Entries shown —
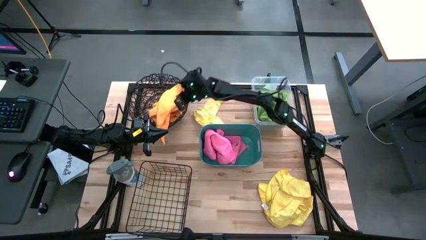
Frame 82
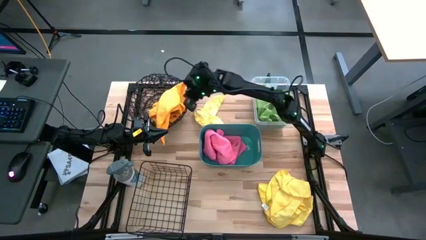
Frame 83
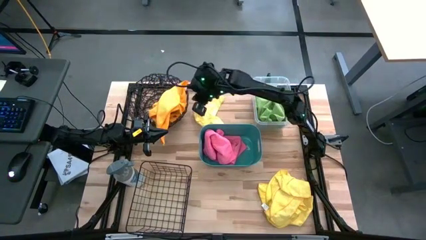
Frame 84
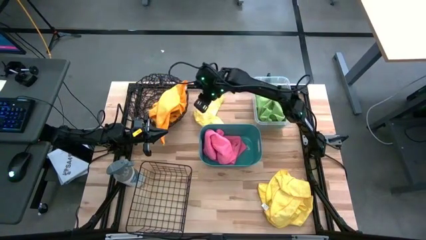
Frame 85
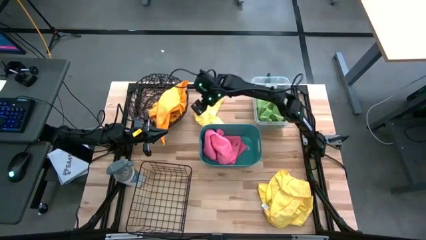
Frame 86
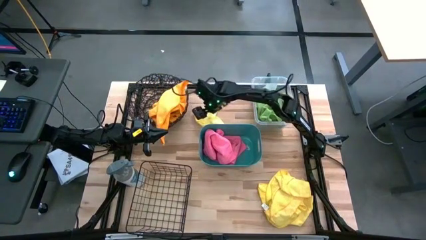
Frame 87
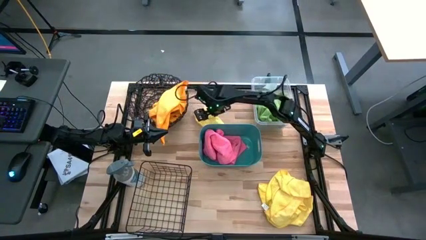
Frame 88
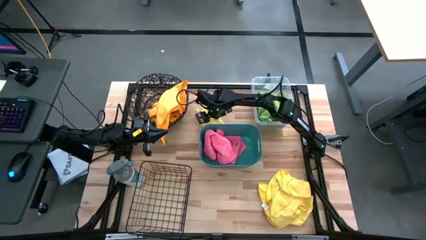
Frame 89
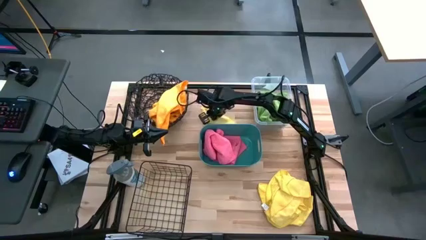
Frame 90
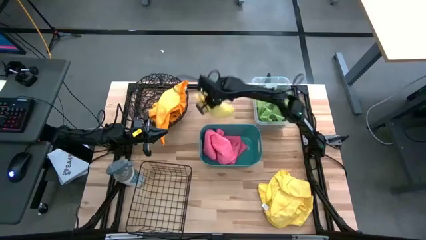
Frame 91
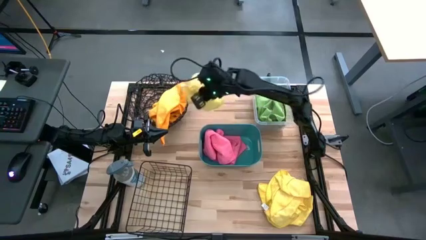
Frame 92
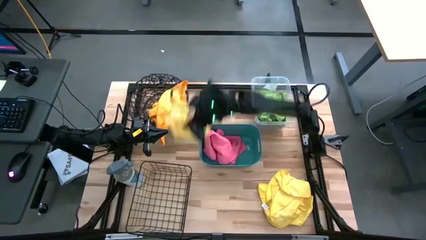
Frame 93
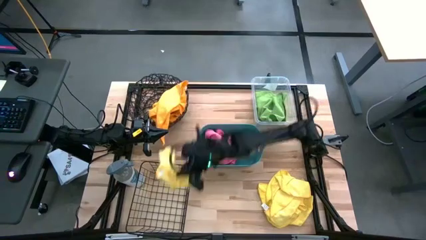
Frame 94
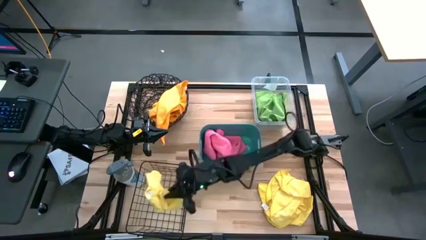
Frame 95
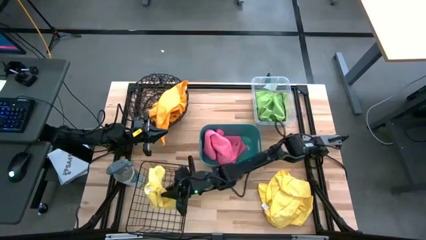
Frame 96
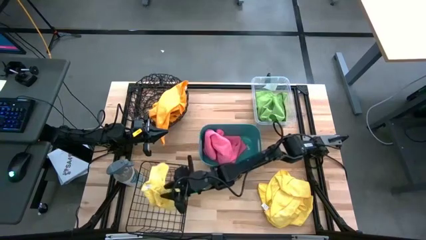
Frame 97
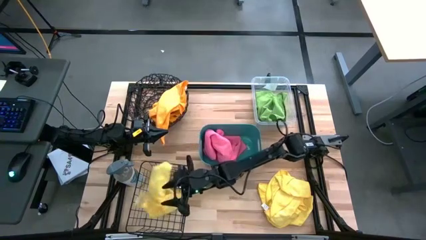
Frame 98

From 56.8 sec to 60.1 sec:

Activity —
Please retype the data exactly. The pictures do not go in.

Solution —
Frame 82
Frame 83
Frame 84
Frame 85
Frame 86
Frame 87
Frame 88
Frame 89
Frame 90
Frame 91
Frame 92
Frame 93
Frame 94
Frame 95
Frame 96
Frame 97
Frame 98

From 56.8 sec to 60.1 sec:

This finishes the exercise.